6.3.11.1 Types of Missing Data
- MCAR - Missing Completely at Random
- Missingness is unrelated to anything in the data
- MAR - Missing at Random
Missingness depends on observed variables but not on the missing value itself.
Example: younger respondents are less likely to report income.
- MNAR - Missing Not at Random
Missingness depends on the value itself
Example: high income people refuse to report income
If you have MCAR, safe to remove this. If MAR or MNAR, removing these can cause bias. If a variable with missing values affects the outcome and you remove it or impute incorrectly, you can create endogeneity.
6.3.11.2 Handling Missing Values
6.3.11.2.1 a. Remove missing observations
!is.na() means you are keeping rows WITHOUT missing income
Again, double-check because removing the missing values may bias your results
6.3.11.2.2 b.

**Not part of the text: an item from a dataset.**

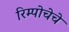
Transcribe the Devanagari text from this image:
रिम्पोचेचे
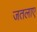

Replace missing values (imputation of mean/median)
#replace missing income with the mean
ch2_p1.3<-ch2_p1.1 %>%
mutate(income=ifelse(is.na(income), mean(income, na.rm=TRUE), income))ifelse(condition, value_if_true, value_if_false) in this case, you are telling R to search income’s NA values, if there are NA values, calculate the mean income without the NAs. then, change the NAs with the calculated mean income, otherwise, keep the income as is.
There are advanced methods but will not be discussed.
You have to be careful and always check for missing data.